WHAT IS EXPECTED:
This exercise asks for an exact copy of every entry below, with pictures omitted.

Records from a data source:
══════

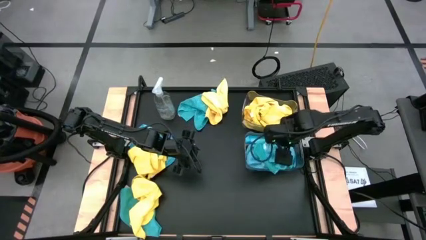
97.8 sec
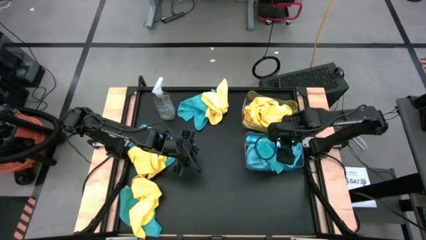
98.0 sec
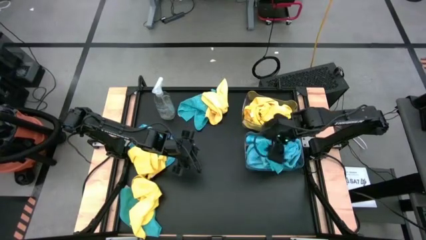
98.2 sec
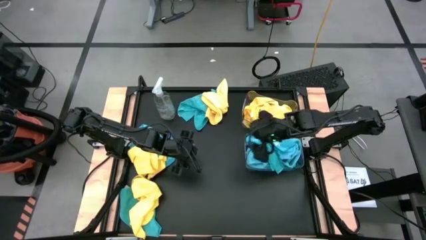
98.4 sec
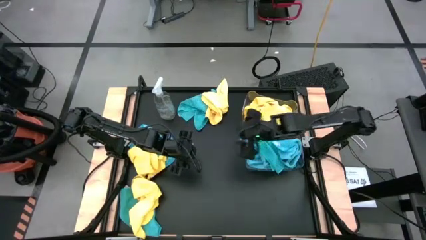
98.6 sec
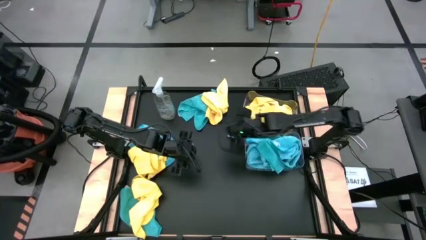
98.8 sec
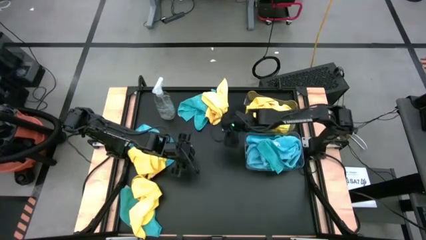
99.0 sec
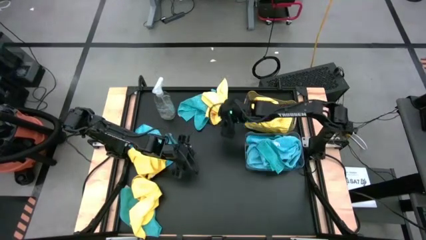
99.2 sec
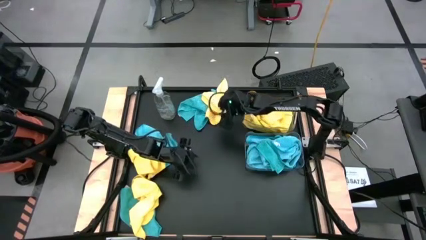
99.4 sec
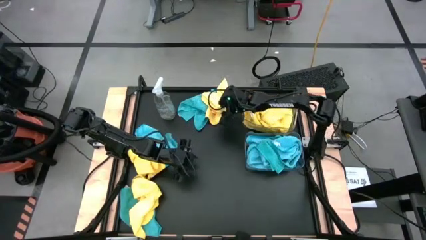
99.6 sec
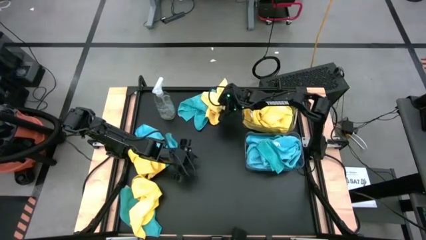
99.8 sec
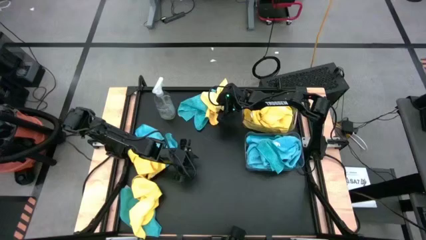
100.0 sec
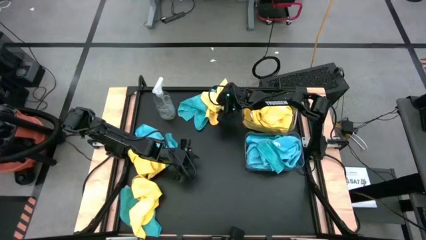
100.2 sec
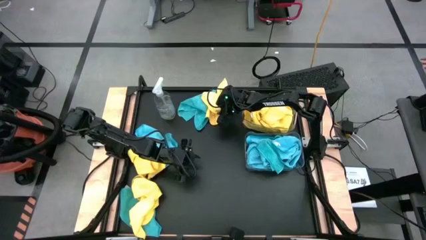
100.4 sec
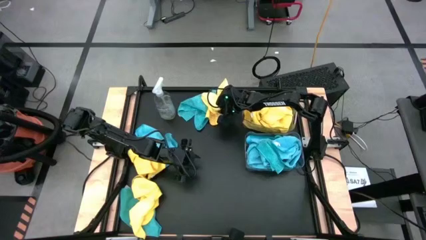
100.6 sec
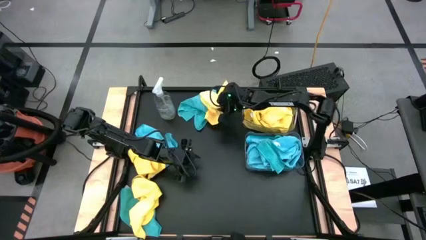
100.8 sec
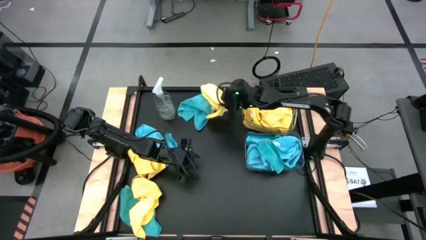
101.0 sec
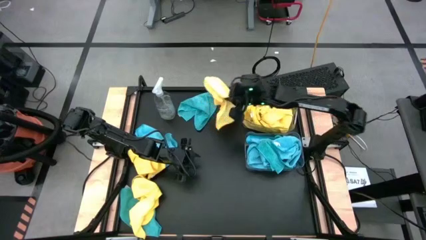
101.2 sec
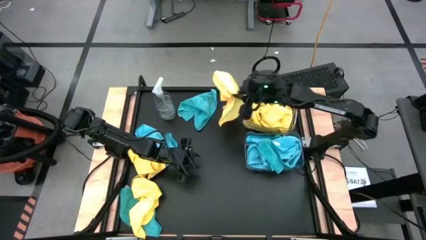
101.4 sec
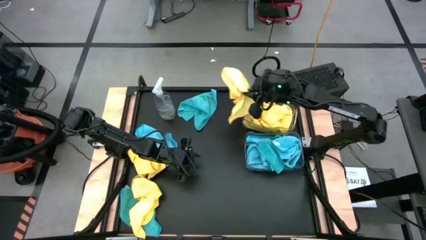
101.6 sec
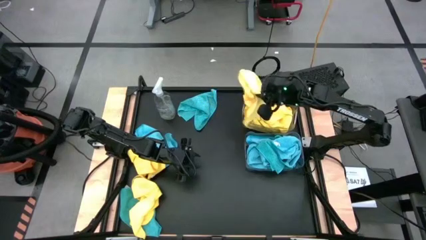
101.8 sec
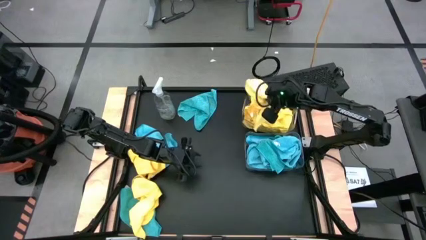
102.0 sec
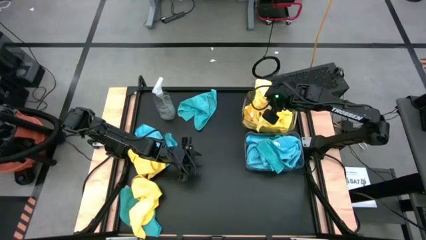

══════

WRITTEN ANSWER:
97.8 sec
98.0 sec
98.2 sec
98.4 sec
98.6 sec
98.8 sec
99.0 sec
99.2 sec
99.4 sec
99.6 sec
99.8 sec
100.0 sec
100.2 sec
100.4 sec
100.6 sec
100.8 sec
101.0 sec
101.2 sec
101.4 sec
101.6 sec
101.8 sec
102.0 sec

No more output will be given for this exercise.